- [Directions] When you repeat the entries below, please keep them exact and leave out the pictures.

- [Records for this task]
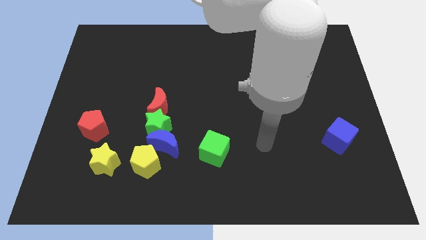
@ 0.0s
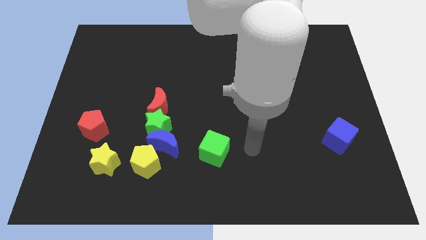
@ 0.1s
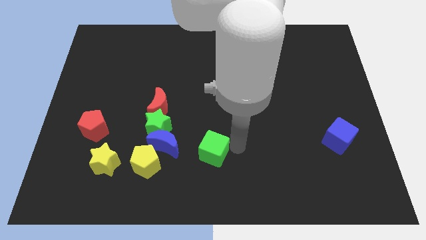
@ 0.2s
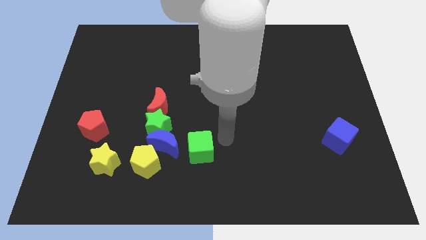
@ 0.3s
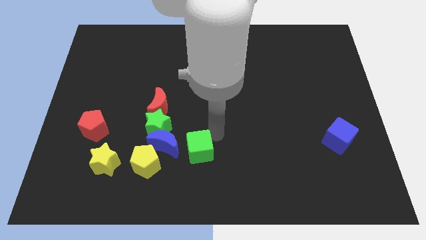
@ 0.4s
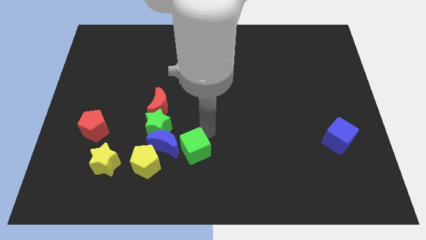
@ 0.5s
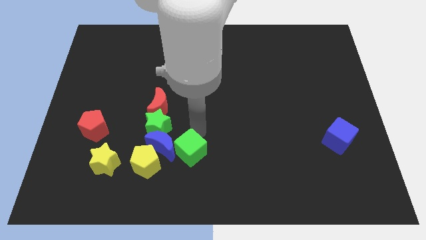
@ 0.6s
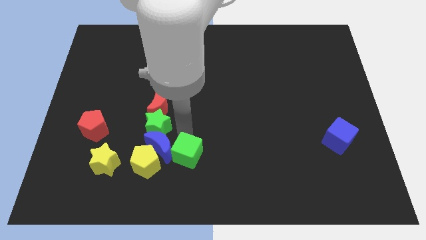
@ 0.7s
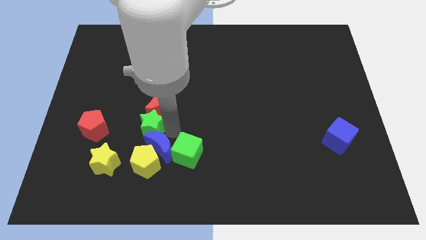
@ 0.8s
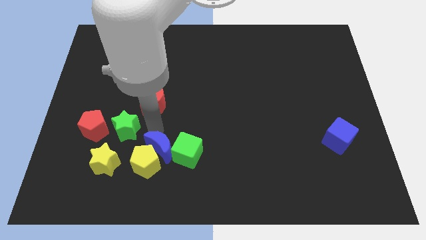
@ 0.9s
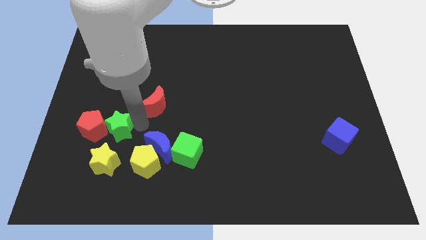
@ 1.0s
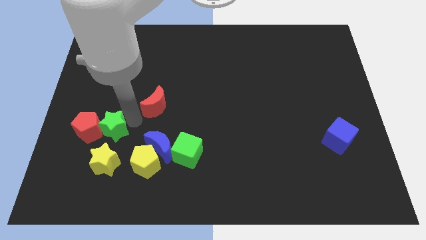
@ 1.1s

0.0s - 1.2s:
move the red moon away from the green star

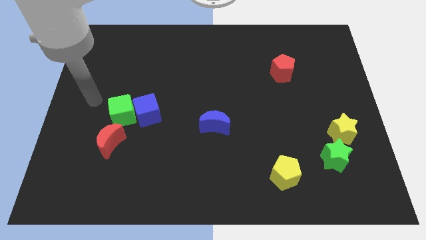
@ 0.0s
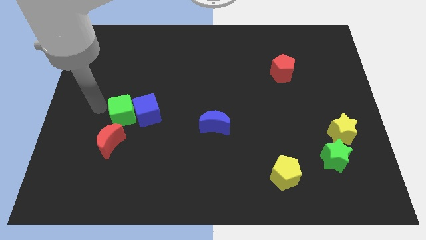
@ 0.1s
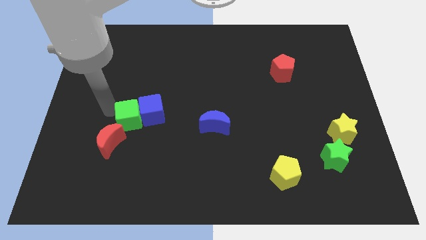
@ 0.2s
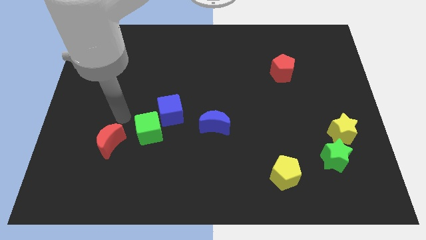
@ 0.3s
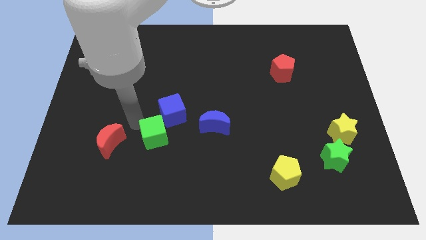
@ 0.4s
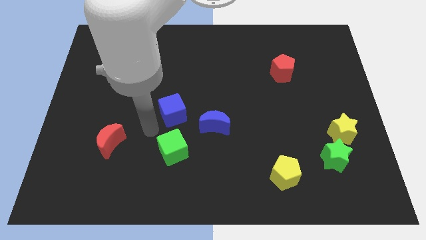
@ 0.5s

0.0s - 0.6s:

- [Answer to this task]
@ 0.0s
@ 0.1s
@ 0.2s
@ 0.3s
@ 0.4s
@ 0.5s
@ 0.6s
@ 0.7s
@ 0.8s
@ 0.9s
@ 1.0s
@ 1.1s

0.0s - 1.2s:
move the red moon away from the green star

@ 0.0s
@ 0.1s
@ 0.2s
@ 0.3s
@ 0.4s
@ 0.5s

0.0s - 0.6s:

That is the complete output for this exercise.